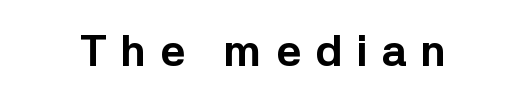
Q: Is the text bold? A: Yes.
Q: Is the text italic (slanted)? A: No, it is upright.
Q: Is the typeface a serif or a sans-serif typeface? A: Sans-serif.
Q: Is the text underlined? A: No.
Q: Is the spacing between letters normal or unusually wide? A: Unusually wide.
Q: Width (condensed, normal, or wide)? A: Normal.
Q: Stroke contrast? A: Low.
Q: x-height? A: Medium.
Q: Monospaced? A: No.
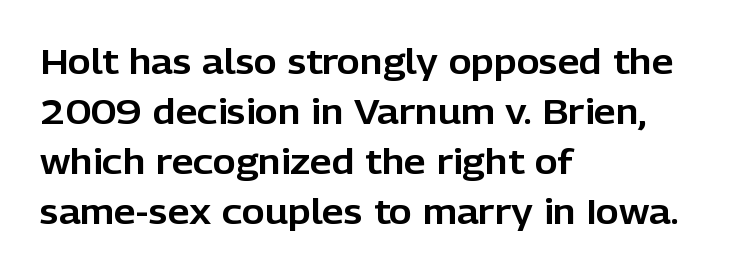
The image shows 35 px sans-serif type, upright; set left-aligned, normal line spacing (1.43x), normal letter spacing, not underlined; low stroke contrast and a medium x-height.
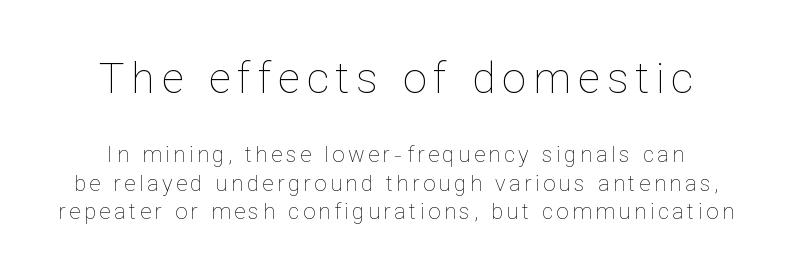
The image shows 43 px thin type, upright; set normal line spacing (1.31x), not underlined; the first (top) block is 1.95x larger; low stroke contrast and a medium x-height.
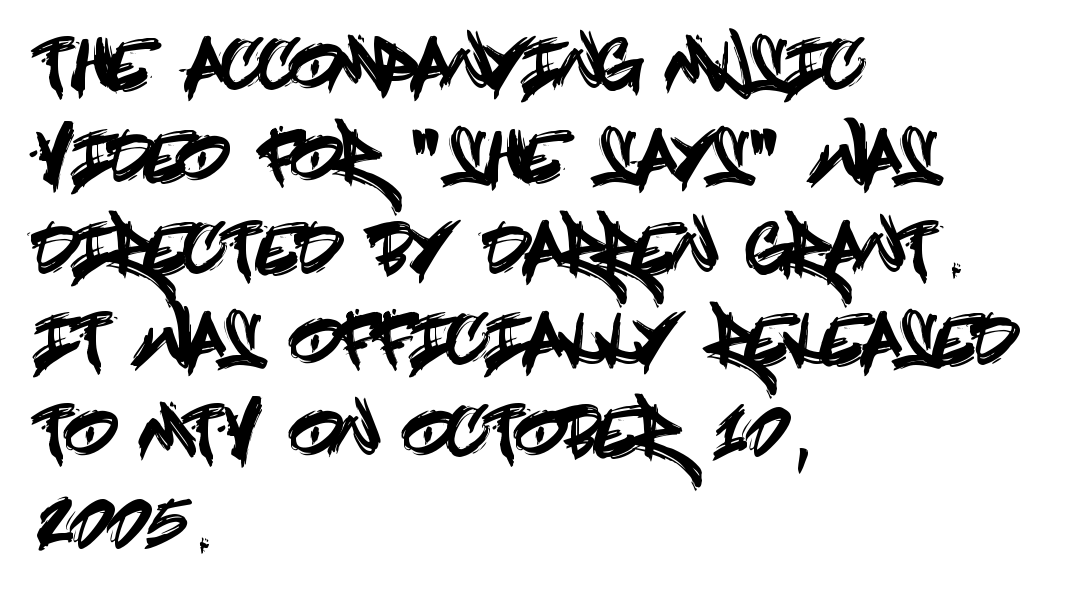
Are there feet on the stems? There aren't — it's a sans. Quick note: interline space is typical. A clean baseline with only descenders dipping below it. Tracking value appears to be zero — textbook default spacing.
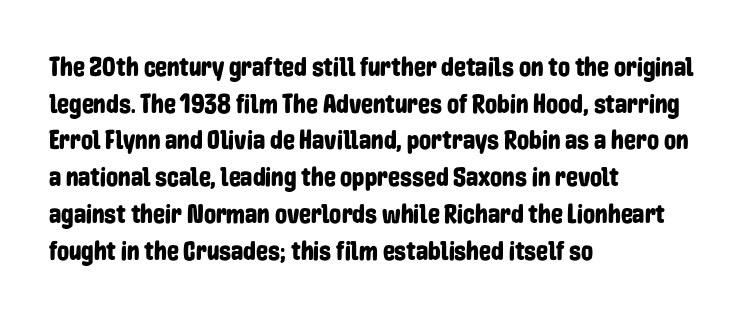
------------------------------------------------------------
** What is needed **
With the line holding "Q: Is the text italic" as the first and the line holding "Q: Monospaced? A: No." as the last, please transcribe exactly the lines of the material above in that range and nothing else.

** Answer area **
Q: Is the text italic (slanted)? A: No, it is upright.
Q: Is the typeface a serif or a sans-serif typeface? A: Sans-serif.
Q: Is the text underlined? A: No.
Q: Is the spacing between letters normal or unusually wide? A: Unusually wide.
Q: Width (condensed, normal, or wide)? A: Normal.
Q: Stroke contrast? A: Low.
Q: x-height? A: Medium.
Q: Monospaced? A: No.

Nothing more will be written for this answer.